• Chinese Taipei surprend en grimpant au Classement mondial
  • Les méthodes du nouveau sélectionneur Gary White ont tout de suite porté leurs fruits
  • L'Anglais avait déjà fait des merveilles avec Guam

Si Chinese Taipei n'a jamais été aussi bien placé au Classement mondial FIFA/Coca-Cola, c'est en grande partie grâce à l'arrivée du nouveau sélectionneur Gary White. À la tête d'une sélection nationale pour la quatrième fois, il a déjà réalisé de petits miracles sur la planète football.

À seulement 43 ans, White a déjà porté quatre sélections réputées modestes vers de nouveaux sommets, à commencer par les Îles Vierges Britanniques à la fin des années 1990. Il a ensuite passé neuf ans avec les Bahamas avant de connaître un succès retentissant avec Guam.

Il a en effet sorti la baguette magique et a réussi à qualifier Guam, cette île qui avait essuyé la plus lourde défaite de l'histoire des qualifications à la Coupe du Monde de la FIFA™, pour le deuxième tour des préliminaires de Russie 2018, mais a aussi vu ses garçons enregistrer une victoire mémorable sur l'Inde malgré la différence gargantuesque en termes de population.

Aujourd'hui, White a décidé de partir faire ses incantations à Chinese Taipei. Cette nation d'Asie du sud-est a participé à la Coupe d'Asie des Nations de l'AFC à deux reprises dans les années 1960 et fut un pionnier du football féminin dans la région. Cependant, depuis, la chance ne lui a pas franchement souri et l'avenir semblait bien terne.

Au bord de l'élimination en qualifications de la Coupe d'Asie, Chinese Taipei faisait alors appel à White pour briser le sortilège. Deux matches plus tard, la qualification jusqu'alors improbable se dessine et le pays a grimpé à la 143ème place du Classement mondial.
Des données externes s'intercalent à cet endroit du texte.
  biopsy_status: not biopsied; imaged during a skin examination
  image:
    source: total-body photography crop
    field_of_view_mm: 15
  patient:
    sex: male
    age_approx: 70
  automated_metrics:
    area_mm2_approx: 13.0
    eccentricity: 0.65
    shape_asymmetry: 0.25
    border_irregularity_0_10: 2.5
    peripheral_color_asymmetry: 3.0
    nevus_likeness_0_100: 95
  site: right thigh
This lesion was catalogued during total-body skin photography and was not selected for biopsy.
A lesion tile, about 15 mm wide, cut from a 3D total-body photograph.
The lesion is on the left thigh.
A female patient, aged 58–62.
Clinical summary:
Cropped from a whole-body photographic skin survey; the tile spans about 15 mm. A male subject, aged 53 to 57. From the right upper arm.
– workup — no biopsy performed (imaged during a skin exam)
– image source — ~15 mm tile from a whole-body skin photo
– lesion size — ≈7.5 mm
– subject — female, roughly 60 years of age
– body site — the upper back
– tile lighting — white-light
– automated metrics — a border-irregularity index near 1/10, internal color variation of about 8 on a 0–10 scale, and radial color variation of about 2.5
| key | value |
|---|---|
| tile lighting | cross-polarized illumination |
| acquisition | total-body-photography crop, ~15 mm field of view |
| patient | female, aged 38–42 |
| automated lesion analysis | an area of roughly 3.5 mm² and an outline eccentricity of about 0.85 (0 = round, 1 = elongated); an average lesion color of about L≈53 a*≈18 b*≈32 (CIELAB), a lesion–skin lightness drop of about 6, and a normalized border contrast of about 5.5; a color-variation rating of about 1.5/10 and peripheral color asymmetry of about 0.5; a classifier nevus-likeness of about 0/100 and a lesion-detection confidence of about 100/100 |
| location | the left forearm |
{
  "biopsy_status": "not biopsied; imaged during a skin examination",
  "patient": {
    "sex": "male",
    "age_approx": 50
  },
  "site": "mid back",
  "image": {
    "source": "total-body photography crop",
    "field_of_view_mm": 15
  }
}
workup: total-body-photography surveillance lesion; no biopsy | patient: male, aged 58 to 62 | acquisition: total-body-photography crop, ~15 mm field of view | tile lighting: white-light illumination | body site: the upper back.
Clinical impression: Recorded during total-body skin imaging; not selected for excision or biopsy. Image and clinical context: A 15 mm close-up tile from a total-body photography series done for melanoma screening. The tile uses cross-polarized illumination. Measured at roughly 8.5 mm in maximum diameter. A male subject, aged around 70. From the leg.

Une victoire contre la Mongolie puis un succès 2:1 sur le Bahreïn, et revoilà Chinese Taipei dans la course. Ce deuxième résultat, surtout, fut d'une importance capitale. Après tout, le Bahreïn a participé à la dernière Coupe d'Asie et a disputé les barrages intercontinentaux des éditions 2006 et 2010 de la Coupe du Monde. Un mois avant l'arrivée de White, les Bahreïniens avaient battu Chinese Taipei 5:0.

Mais alors, quelle formule magique White a-t-il sorti de son grimoire ? "Au fur et à mesure de votre carrière, vous remarquez des petites choses qui marchent bien", raconte  White à FIFA.com. "Où que j'aille, j'utilise toujours la culture et les valeurs de l'équipe. Les joueurs ont tout de suite adhéré à mes méthodes et ça s'est vu sur le terrain contre le Bahreïn. Je fais tout pour que mes joueurs me comprennent moi, l'entraîneur et je montre que je m'intéresse à eux en tant que personnes, avant même de parler de tactique."
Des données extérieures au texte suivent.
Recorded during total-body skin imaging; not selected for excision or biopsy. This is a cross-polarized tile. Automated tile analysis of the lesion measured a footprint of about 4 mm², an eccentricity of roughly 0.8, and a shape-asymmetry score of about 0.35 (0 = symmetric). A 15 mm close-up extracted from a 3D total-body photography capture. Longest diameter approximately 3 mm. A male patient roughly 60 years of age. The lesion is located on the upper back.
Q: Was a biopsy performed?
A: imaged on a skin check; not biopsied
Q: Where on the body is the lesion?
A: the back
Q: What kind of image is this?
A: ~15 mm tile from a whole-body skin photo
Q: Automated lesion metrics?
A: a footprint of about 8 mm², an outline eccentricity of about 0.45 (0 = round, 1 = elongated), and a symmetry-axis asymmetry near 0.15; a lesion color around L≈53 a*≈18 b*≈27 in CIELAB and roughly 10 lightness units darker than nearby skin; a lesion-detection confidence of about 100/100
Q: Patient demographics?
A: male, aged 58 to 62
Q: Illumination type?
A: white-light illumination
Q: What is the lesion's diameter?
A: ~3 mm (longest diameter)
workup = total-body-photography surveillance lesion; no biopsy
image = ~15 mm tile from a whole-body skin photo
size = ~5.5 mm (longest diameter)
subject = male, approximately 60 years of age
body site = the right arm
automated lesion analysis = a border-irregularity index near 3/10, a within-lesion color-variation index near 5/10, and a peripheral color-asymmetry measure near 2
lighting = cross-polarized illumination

White affirme que le championnat local est d'un bon niveau bien qu'il puisse faire appel à huit joueurs évoluant à l'étranger, notamment en RP Chine. "J'ai toujours su qu'ils avaient un certain potentiel, mais qu'il leur manquait une culture de la gagne", ajoute White. "Ils ne manquent pas de talent. Ils doivent simplement croire qu'ils en ont. Entre les joueurs qui jouent en Chine et en Europe, on a un bon mélange."

Un avenir tout tracé
Si Chinese Taipei venait à obtenir un bon résultat au Turkménistan le mois prochain, il serait à deux doigts de mettre fin à une absence de 51 ans de la compétition. "Tout le monde va devenir fou si ça arrive", estime White. "Le public et les médias ont été piqués par le virus du football. C'est bien dans un pays dominé par le baseball et le basket. Cela montre qu'ils veulent que le foot prenne de l'importance."
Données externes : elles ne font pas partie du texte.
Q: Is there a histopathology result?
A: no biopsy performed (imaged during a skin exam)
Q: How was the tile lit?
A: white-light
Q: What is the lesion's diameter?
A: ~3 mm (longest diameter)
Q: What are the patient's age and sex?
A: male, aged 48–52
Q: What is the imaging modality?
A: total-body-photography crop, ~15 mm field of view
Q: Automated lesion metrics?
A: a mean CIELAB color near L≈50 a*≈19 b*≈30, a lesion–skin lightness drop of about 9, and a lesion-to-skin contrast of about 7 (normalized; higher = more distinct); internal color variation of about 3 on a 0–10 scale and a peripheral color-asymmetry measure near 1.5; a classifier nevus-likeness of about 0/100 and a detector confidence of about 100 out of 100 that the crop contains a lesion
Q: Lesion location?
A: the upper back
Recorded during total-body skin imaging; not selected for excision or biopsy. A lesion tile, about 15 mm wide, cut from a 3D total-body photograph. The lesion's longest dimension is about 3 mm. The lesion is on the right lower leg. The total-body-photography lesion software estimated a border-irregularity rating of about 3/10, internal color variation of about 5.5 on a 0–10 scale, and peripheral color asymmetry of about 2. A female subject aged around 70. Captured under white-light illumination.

"Nous souhaiterions développer un programme sur le terrain et en dehors et cela nous donnerait de l'élan. Ce serait énorme pour l'avenir du foot ici" pousrsuit-il avant de conclure : "Le foot est le sport le plus pratiqué chez les jeunes jusqu'à environ 12 ans, donc il est bien en place. Les Taïwanais regardent beaucoup de foot international donc une qualification permettrait de transformer ce pays en un véritable fana de foot."